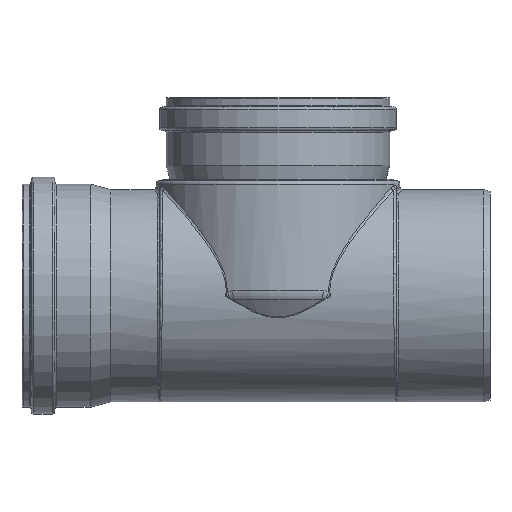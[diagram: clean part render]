
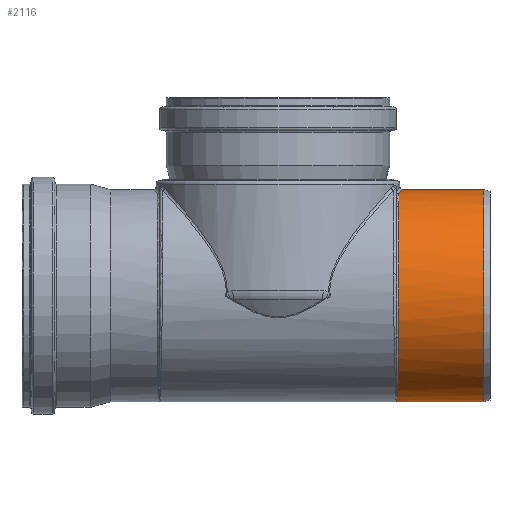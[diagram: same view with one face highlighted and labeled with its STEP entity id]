
A CAD part, left-side view. The second image highlights one B-rep face of the part: STEP entity #2116.
In plain terms, the highlighted cylindrical face has radius 200.175 mm (diameter 400.35 mm), a full revolution.
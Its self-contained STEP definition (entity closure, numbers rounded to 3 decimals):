
#139=FACE_BOUND('',#503,.T.);
#221=CYLINDRICAL_SURFACE('',#2316,200.175);
#333=FACE_OUTER_BOUND('',#502,.T.);
#502=EDGE_LOOP('',(#1792,#1793,#1794,#1795,#1796));
#503=EDGE_LOOP('',(#1797));
#741=B_SPLINE_CURVE_WITH_KNOTS('',3,(#6238,#6239,#6240,#6241,#6242,#6243,
#6244,#6245,#6246,#6247,#6248,#6249,#6250,#6251,#6252,#6253),
 .UNSPECIFIED.,.F.,.F.,(4,2,1,1,1,1,1,1,1,1,1,1,4),(-72.257,-72.231,
-69.858,-67.484,-65.11,-62.736,-60.363,
-57.989,-55.615,-54.428,-53.241,
-50.867,-48.494),.UNSPECIFIED.);
#742=B_SPLINE_CURVE_WITH_KNOTS('',3,(#6341,#6342,#6343,#6344,#6345,#6346,
#6347,#6348,#6349,#6350,#6351,#6352,#6353,#6354,#6355,#6356,#6357),
 .UNSPECIFIED.,.F.,.F.,(4,1,1,1,1,1,1,1,1,1,1,1,2,4),(-23.738,
-21.364,-18.99,-16.617,-14.243,
-11.869,-10.682,-9.495,-7.121,
-5.934,-4.748,-2.374,0.,0.026),
 .UNSPECIFIED.);
#758=B_SPLINE_CURVE_WITH_KNOTS('',3,(#6994,#6995,#6996,#6997,#6998,#6999,
#7000),.UNSPECIFIED.,.F.,.F.,(4,1,1,1,4),(-145.216,-141.888,
-138.56,-136.063,-133.567),.UNSPECIFIED.);
#808=CIRCLE('',#2260,200.175);
#813=CIRCLE('',#2266,200.175);
#844=CIRCLE('',#2317,200.175);
#1015=VERTEX_POINT('',#5958);
#1019=VERTEX_POINT('',#6153);
#1020=VERTEX_POINT('',#6155);
#1021=VERTEX_POINT('',#6339);
#1023=VERTEX_POINT('',#6361);
#1047=VERTEX_POINT('',#7001);
#1266=EDGE_CURVE('',#1019,#1020,#808,.T.);
#1268=EDGE_CURVE('',#1015,#1019,#741,.T.);
#1270=EDGE_CURVE('',#1021,#1015,#742,.T.);
#1273=EDGE_CURVE('',#1023,#1021,#813,.T.);
#1323=EDGE_CURVE('',#1020,#1023,#758,.T.);
#1324=EDGE_CURVE('',#1047,#1047,#844,.T.);
#1792=ORIENTED_EDGE('',*,*,#1273,.F.);
#1793=ORIENTED_EDGE('',*,*,#1323,.F.);
#1794=ORIENTED_EDGE('',*,*,#1266,.F.);
#1795=ORIENTED_EDGE('',*,*,#1268,.F.);
#1796=ORIENTED_EDGE('',*,*,#1270,.F.);
#1797=ORIENTED_EDGE('',*,*,#1324,.T.);
#2116=ADVANCED_FACE('',(#333,#139),#221,.T.);
#2260=AXIS2_PLACEMENT_3D('',#6156,#2611,#2612);
#2266=AXIS2_PLACEMENT_3D('',#6363,#2623,#2624);
#2316=AXIS2_PLACEMENT_3D('',#6993,#2727,#2728);
#2317=AXIS2_PLACEMENT_3D('',#7002,#2729,#2730);
#2611=DIRECTION('center_axis',(0.,1.,0.));
#2612=DIRECTION('ref_axis',(-0.983,0.,-0.184));
#2623=DIRECTION('center_axis',(0.,1.,0.));
#2624=DIRECTION('ref_axis',(0.983,0.,-0.184));
#2727=DIRECTION('center_axis',(0.,1.,0.));
#2728=DIRECTION('ref_axis',(1.,0.,0.));
#2729=DIRECTION('center_axis',(0.,1.,0.));
#2730=DIRECTION('ref_axis',(1.,0.,0.));
#5958=CARTESIAN_POINT('',(0.,-538.809,-200.175));
#6153=CARTESIAN_POINT('',(-183.935,-543.809,-78.982));
#6155=CARTESIAN_POINT('',(-55.542,-543.809,192.315));
#6156=CARTESIAN_POINT('Origin',(0.,-543.809,0.));
#6238=CARTESIAN_POINT('Ctrl Pts',(0.,-538.809,
-200.175));
#6239=CARTESIAN_POINT('Ctrl Pts',(-0.083,-538.812,
-200.175));
#6240=CARTESIAN_POINT('Ctrl Pts',(-0.167,-538.815,
-200.175));
#6241=CARTESIAN_POINT('Ctrl Pts',(-7.967,-539.064,-200.165));
#6242=CARTESIAN_POINT('Ctrl Pts',(-23.48,-539.559,-199.251));
#6243=CARTESIAN_POINT('Ctrl Pts',(-46.558,-540.291,-195.155));
#6244=CARTESIAN_POINT('Ctrl Pts',(-68.922,-540.99,-188.413));
#6245=CARTESIAN_POINT('Ctrl Pts',(-90.198,-541.642,-179.204));
#6246=CARTESIAN_POINT('Ctrl Pts',(-110.476,-542.242,-167.481));
#6247=CARTESIAN_POINT('Ctrl Pts',(-129.225,-542.768,-153.463));
#6248=CARTESIAN_POINT('Ctrl Pts',(-143.262,-543.131,-140.181));
#6249=CARTESIAN_POINT('Ctrl Pts',(-153.576,-543.371,-128.568));
#6250=CARTESIAN_POINT('Ctrl Pts',(-163.23,-543.576,-116.33));
#6251=CARTESIAN_POINT('Ctrl Pts',(-173.939,-543.757,-99.99));
#6252=CARTESIAN_POINT('Ctrl Pts',(-180.889,-543.809,-86.075));
#6253=CARTESIAN_POINT('Ctrl Pts',(-183.935,-543.809,-78.982));
#6339=CARTESIAN_POINT('',(183.935,-543.809,-78.982));
#6341=CARTESIAN_POINT('Ctrl Pts',(183.935,-543.809,-78.982));
#6342=CARTESIAN_POINT('Ctrl Pts',(180.889,-543.809,-86.075));
#6343=CARTESIAN_POINT('Ctrl Pts',(173.939,-543.757,-99.988));
#6344=CARTESIAN_POINT('Ctrl Pts',(161.089,-543.539,-119.601));
#6345=CARTESIAN_POINT('Ctrl Pts',(146.065,-543.203,-137.531));
#6346=CARTESIAN_POINT('Ctrl Pts',(129.232,-542.768,-153.458));
#6347=CARTESIAN_POINT('Ctrl Pts',(113.592,-542.33,-165.148));
#6348=CARTESIAN_POINT('Ctrl Pts',(100.345,-541.942,-173.339));
#6349=CARTESIAN_POINT('Ctrl Pts',(86.647,-541.533,-180.742));
#6350=CARTESIAN_POINT('Ctrl Pts',(72.469,-541.099,-186.877));
#6351=CARTESIAN_POINT('Ctrl Pts',(57.742,-540.641,-191.785));
#6352=CARTESIAN_POINT('Ctrl Pts',(42.706,-540.168,-195.838));
#6353=CARTESIAN_POINT('Ctrl Pts',(23.484,-539.559,-199.251));
#6354=CARTESIAN_POINT('Ctrl Pts',(7.966,-539.064,-200.165));
#6355=CARTESIAN_POINT('Ctrl Pts',(0.167,-538.815,-200.175));
#6356=CARTESIAN_POINT('Ctrl Pts',(0.083,-538.812,
-200.175));
#6357=CARTESIAN_POINT('Ctrl Pts',(0.,-538.809,
-200.175));
#6361=CARTESIAN_POINT('',(55.542,-543.809,192.315));
#6363=CARTESIAN_POINT('Origin',(0.,-543.809,0.));
#6993=CARTESIAN_POINT('Origin',(0.,-351.905,0.));
#6994=CARTESIAN_POINT('Ctrl Pts',(-55.542,-543.809,192.315));
#6995=CARTESIAN_POINT('Ctrl Pts',(-45.43,-546.397,195.236));
#6996=CARTESIAN_POINT('Ctrl Pts',(-24.436,-550.258,199.561));
#6997=CARTESIAN_POINT('Ctrl Pts',(5.46,-551.353,200.782));
#6998=CARTESIAN_POINT('Ctrl Pts',(32.361,-548.893,198.034));
#6999=CARTESIAN_POINT('Ctrl Pts',(47.958,-545.75,194.505));
#7000=CARTESIAN_POINT('Ctrl Pts',(55.542,-543.809,192.315));
#7001=CARTESIAN_POINT('',(200.175,-703.809,0.));
#7002=CARTESIAN_POINT('Origin',(0.,-703.809,0.));

» Your assignment
Retype exactly the span of lines from the one with "#808=CIRCLE('',#2260,200.175);" through the one with "#1793=ORIENTED_EDGE('',*,*,#1323,.F.);"; include both ends and omit the rest of the material.

» Output below
#808=CIRCLE('',#2260,200.175);
#813=CIRCLE('',#2266,200.175);
#844=CIRCLE('',#2317,200.175);
#1015=VERTEX_POINT('',#5958);
#1019=VERTEX_POINT('',#6153);
#1020=VERTEX_POINT('',#6155);
#1021=VERTEX_POINT('',#6339);
#1023=VERTEX_POINT('',#6361);
#1047=VERTEX_POINT('',#7001);
#1266=EDGE_CURVE('',#1019,#1020,#808,.T.);
#1268=EDGE_CURVE('',#1015,#1019,#741,.T.);
#1270=EDGE_CURVE('',#1021,#1015,#742,.T.);
#1273=EDGE_CURVE('',#1023,#1021,#813,.T.);
#1323=EDGE_CURVE('',#1020,#1023,#758,.T.);
#1324=EDGE_CURVE('',#1047,#1047,#844,.T.);
#1792=ORIENTED_EDGE('',*,*,#1273,.F.);
#1793=ORIENTED_EDGE('',*,*,#1323,.F.);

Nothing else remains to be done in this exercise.